*** RECORDED DATA Section Begins ***
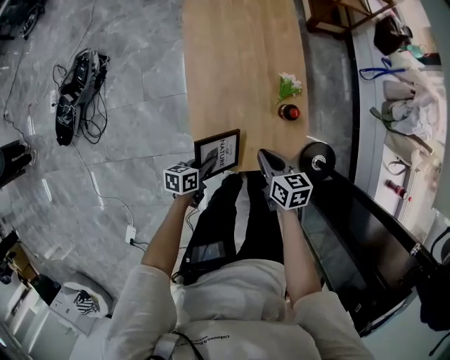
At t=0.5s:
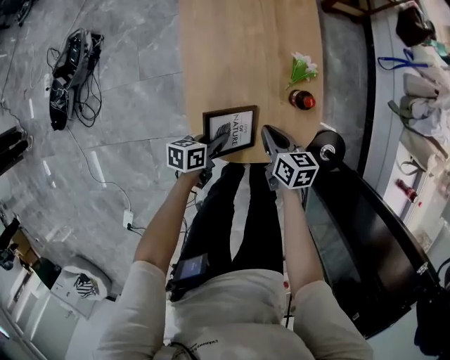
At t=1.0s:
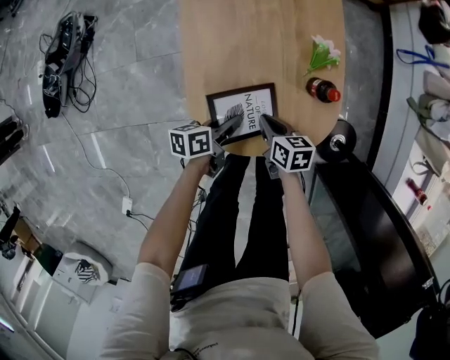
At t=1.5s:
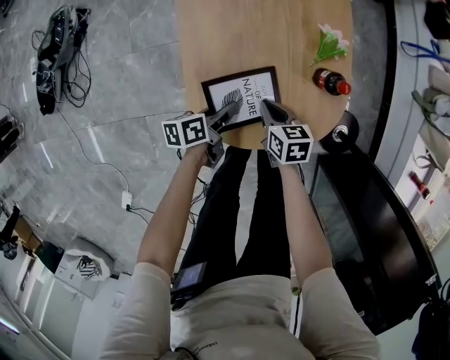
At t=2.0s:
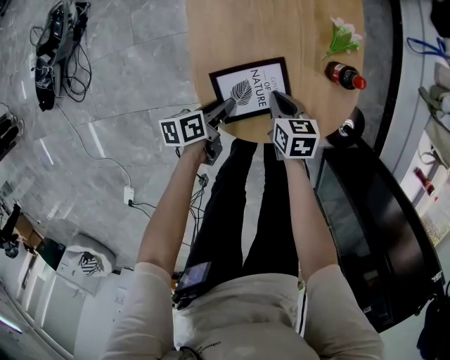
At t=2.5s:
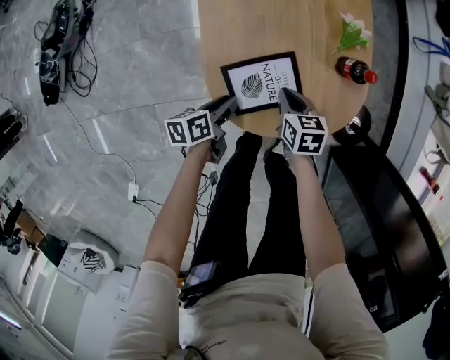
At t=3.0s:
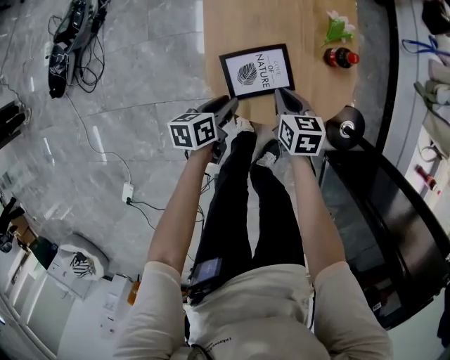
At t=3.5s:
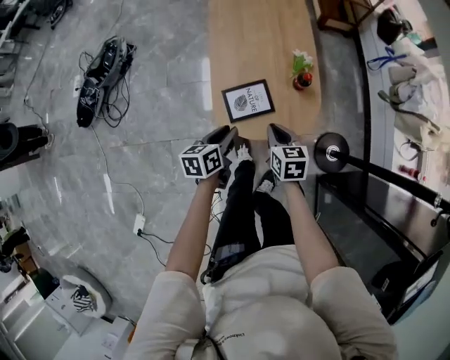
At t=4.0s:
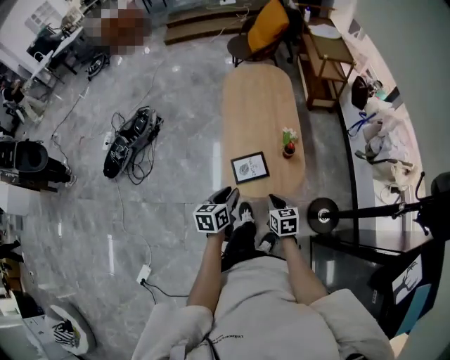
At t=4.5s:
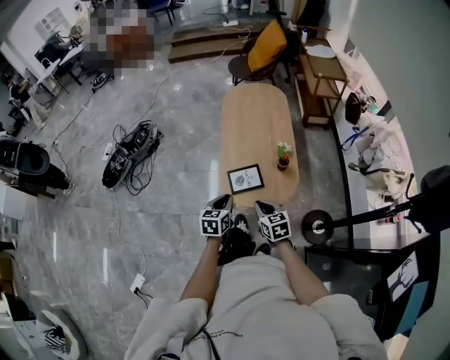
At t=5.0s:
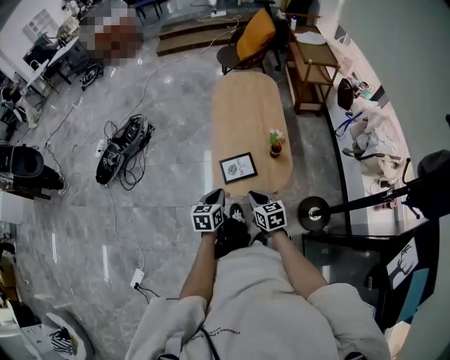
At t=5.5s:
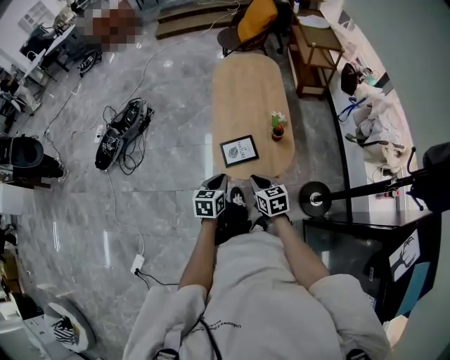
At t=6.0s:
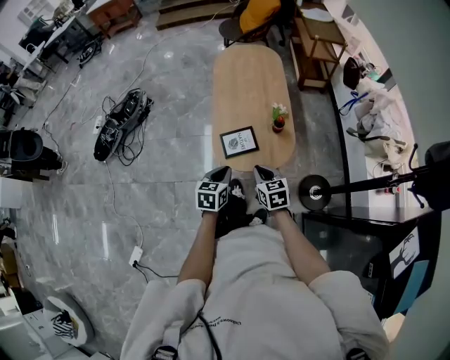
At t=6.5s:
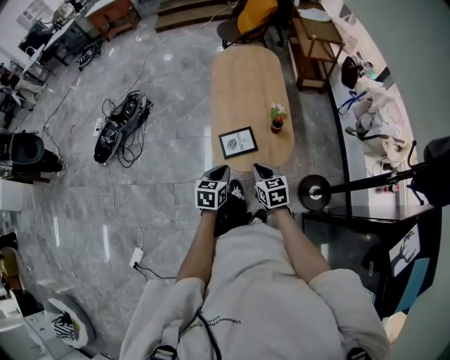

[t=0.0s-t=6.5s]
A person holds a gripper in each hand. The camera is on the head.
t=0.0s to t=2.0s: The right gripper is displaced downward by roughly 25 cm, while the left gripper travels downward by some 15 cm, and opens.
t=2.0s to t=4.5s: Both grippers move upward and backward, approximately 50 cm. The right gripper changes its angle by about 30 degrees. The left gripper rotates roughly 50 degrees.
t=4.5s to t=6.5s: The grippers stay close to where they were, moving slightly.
*** RECORDED DATA Section Ends ***
THE PROBLEM —
Take the line that holds "A person holds" as the first and the last line of the material as the final one. Print that span exactly, both ends included.

THE COMPLETED TASK —
A person holds a gripper in each hand. The camera is on the head.
t=0.0s to t=2.0s: The right gripper is displaced downward by roughly 25 cm, while the left gripper travels downward by some 15 cm, and opens.
t=2.0s to t=4.5s: Both grippers move upward and backward, approximately 50 cm. The right gripper changes its angle by about 30 degrees. The left gripper rotates roughly 50 degrees.
t=4.5s to t=6.5s: The grippers stay close to where they were, moving slightly.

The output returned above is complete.